傘這東西奇怪得很,做禮物要被挑剔諧音字不吉利,然而確實是白蛇與許郎定情的信物,愛恨情仇皆因此起落漲伏,要是一定要給一段關係硬性留一個具象的起點,沈榆願意留這個。
再次回到臥月酒吧,距離那晚沖淡夏季的燥熱大雨已經過了將近一周。
沈榆琴都沒放就跑到老闆面前,問有沒有人在這邊放了一把傘,要他轉交給自己。
「有啊,」老闆還能記得上次被溫遇旬無緣故嫌棄一通的長柄傘,語氣不甚好聽,「第二天就給送回來了,誰知道你這些天都不來。
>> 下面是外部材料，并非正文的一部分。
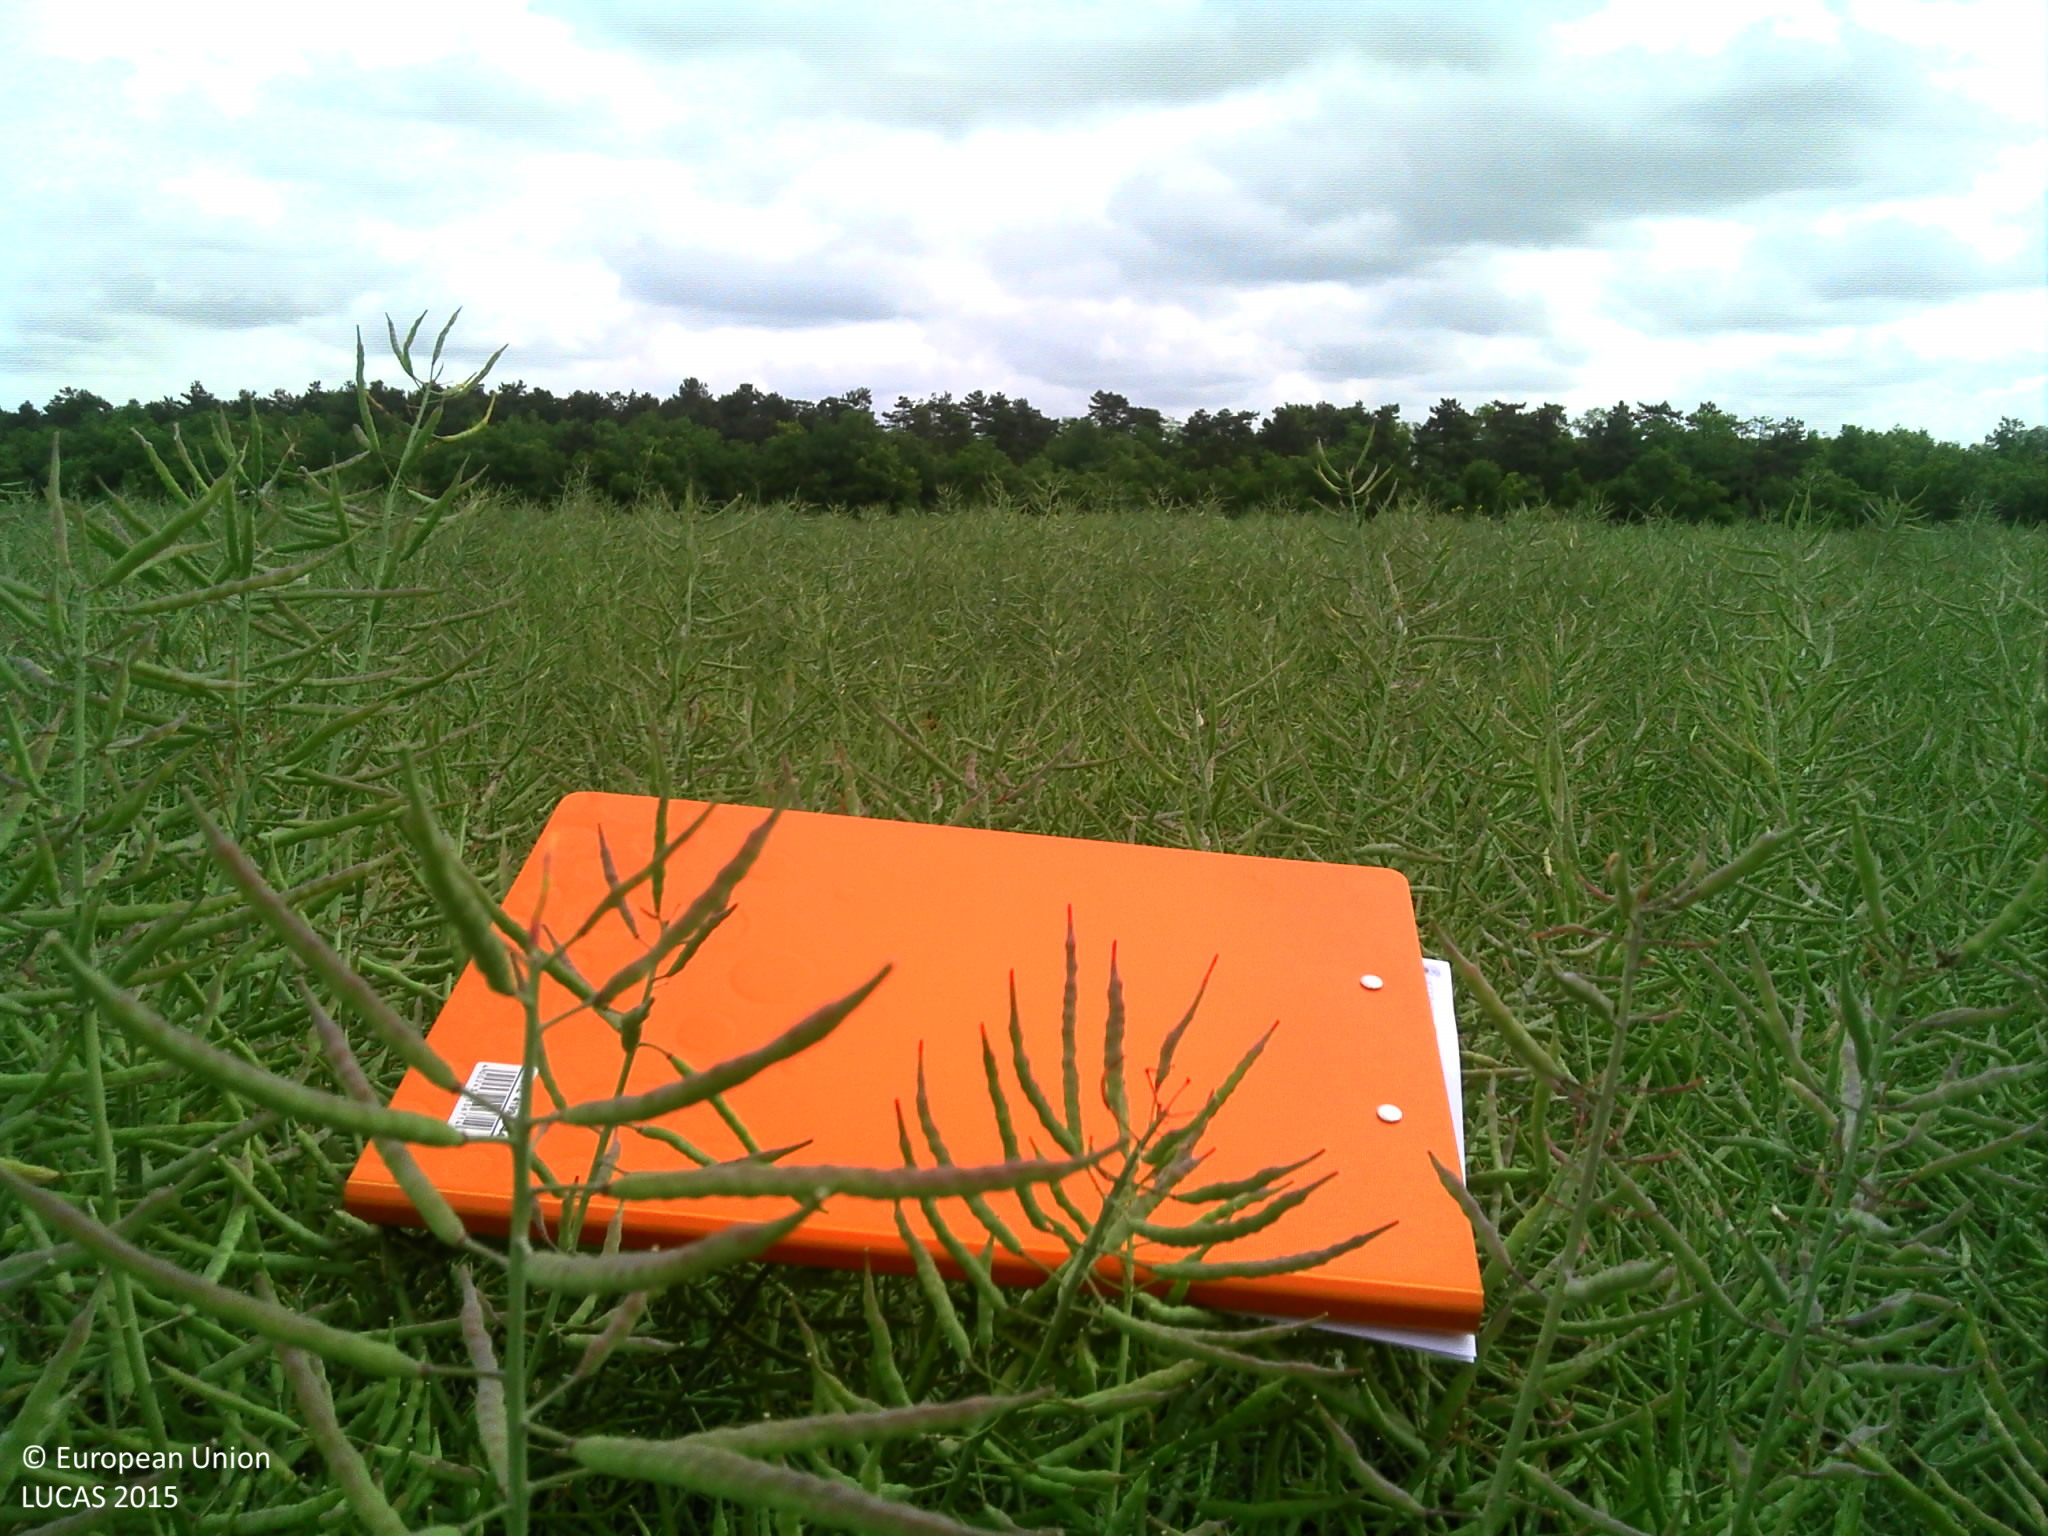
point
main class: Cropland
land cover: Rape and turnip rape
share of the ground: > 75 %
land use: Agriculture (excluding fallow land and kitchen gardens)
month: June
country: FR
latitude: 48.3652
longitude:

」
沈榆拿回傘,沒說話,低下頭笑了聲。
高考完的暑假時間漫長,沈榆消失五天的時間從首都回了趟浙江,和岑漫搖在上虞待了三天,又自己回諸暨姑姑家待了三天。
岑家有福,子嗣綿延,香火旺盛,雖然兩位老人走得早,但膝下子孫大大小小六七家,沈榆有些姨娘生孩子早晚差距大,輩分都亂套了,回去一趟很熱鬧。
反觀沈家這邊,沈榆的爺爺奶奶去得早,沈珏再一走,便只剩下沈榆姑姑一家三口人,外加一個沈榆遠在首都。
沈家在諸暨郊外有一片園林,圈出去一半當作景點,另外半片種點花草果樹,自己住著。
但就算圈出去了半片,果園花圃又去小半片還是大,那麼大片地里零星著四個人,沈榆和姑姑一家住的房子隔得遠,偶爾有點什麼事誰都找不著誰,吃個飯還得電話喊。
麻煩肯定是有點兒,但沈榆沒打算挪地,一來是沈珏從前就住這屋,二來他要練琴,姑姑家小他一歲半的妹妹準備高考,他不好打擾,乾脆窩在房裡寫詞,寫完開窗摘兩三個快伸到窗里來的枇杷,枇杷沒熟,摘了不吃,單純擺著好看好聞。
因此短暫逃離岑漫搖的黑臉的這幾天他過得還算可以,又回到首都也沒有太多不高興,因為有些別的樂趣。
得知有經紀公司想簽長眠灣的時候沈榆還在浙江,消息是寧以橋和邱風給他帶的。
據說人家直接找到臥月去蹲了他們半個月,但運氣不夠好,一直沒等到他們三個人齊的時候,於是只能退而求其次,抓了當時正在臥月喝酒的寧以橋和邱風。
說白了還是剛從象牙塔里飛出來的雛鳥,沒怎麼經歷過社會紛雜的年輕人,寧以橋和邱風就算再高興,也得好好想過,寧以橋的父親甚至要了合同過去,讓公司法務部確認沒有問題,才和沈榆說。
「你想不想簽?」寧以橋這樣問沈榆,他自己高興沒用處,要是邱風和沈榆有一個人不樂意,他也不會簽,從此不再多想。